= Damville (Quebec township) =

Township in Quebec, Canada

The township Damville is located in the unorganized territory of Rivière-Mistassini, in the Maria-Chapdelaine Regional County Municipality, in the regional administrative office of Mauricie, in province of Quebec, in Canada.

This township was proclaimed on June 5, 1965.

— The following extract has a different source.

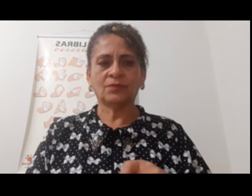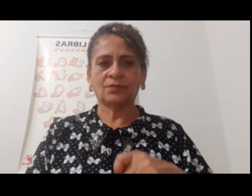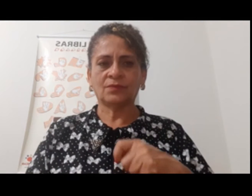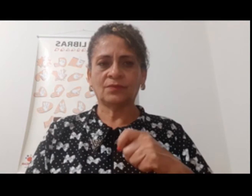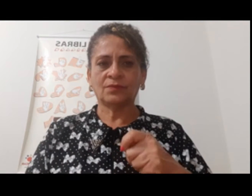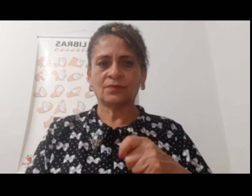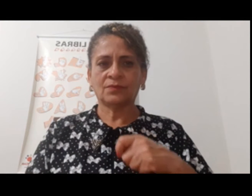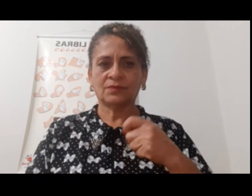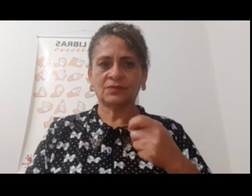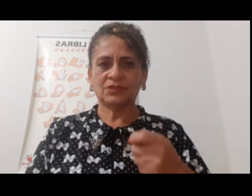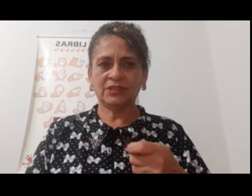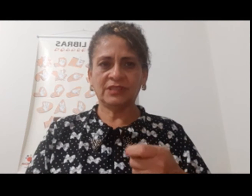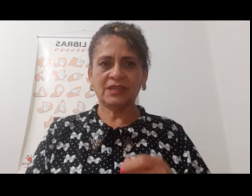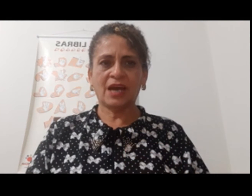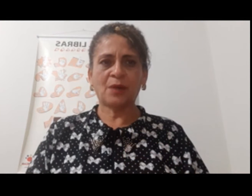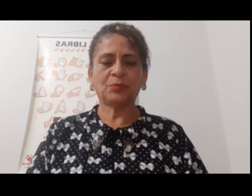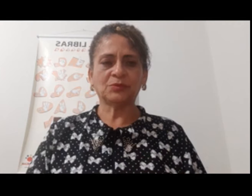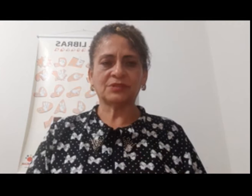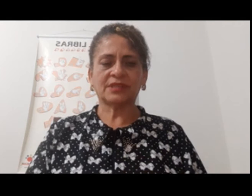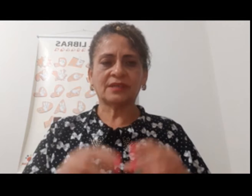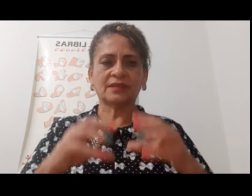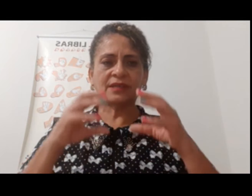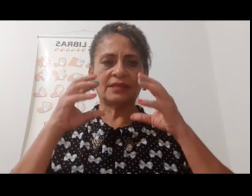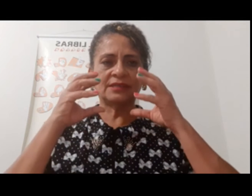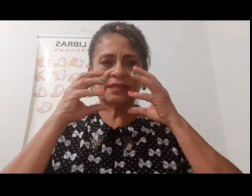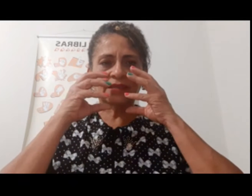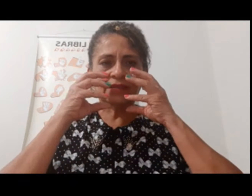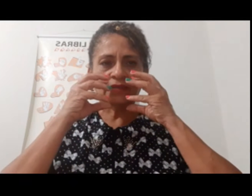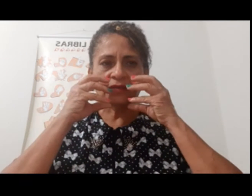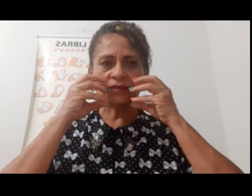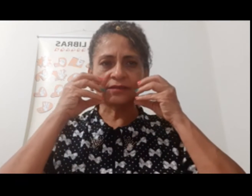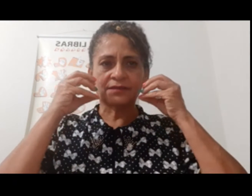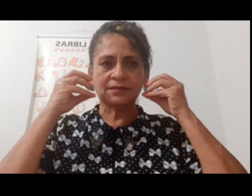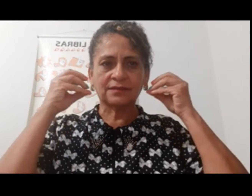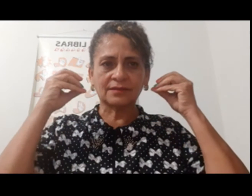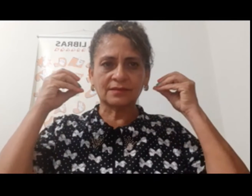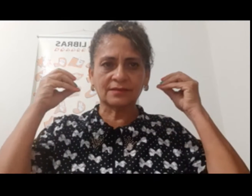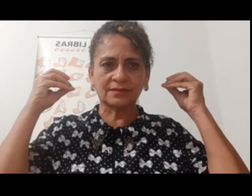de raposa é esse aqui.

Forestry is the main economic activity in this forest area. Two secondary forest roads cross this uninhabited township.

== Geography ==
This geographic entity extends mainly on the north shore of the course of the Ashuapmushuan River, to the northwest of Lac Saint-Jean. The Ashuapmushuan River crosses this township to the southeast. The latter collects the waters of the Brochets River, which is the outlet of Damville Lake. The Ashuapmushuan river also collects the waters of several small tributaries (coming from the north) which flow between the Brochets river and the Notaire island.

== Toponymy ==
The toponym "canton Damville" evokes the life work of François-Christophe de Lévis, Duke of Damville, brother of the Duke of Ventadour. This duke served as the sixth viceroy of New France, from 1644 to 1660. Nowadays, Damville is the capital of the canton of 'Eure sur l'Iton (arrondissement of Évreux), France. According to Albert Dauzat, the meaning of the term "Damville" would be "domini villa", the domain of the lord. This toponym appears in 1926 in the work "Geographical Names of the Province of Quebec".

The toponym "Damville" was formalized on June 18, 1993, by the Commission de toponymie du Québec.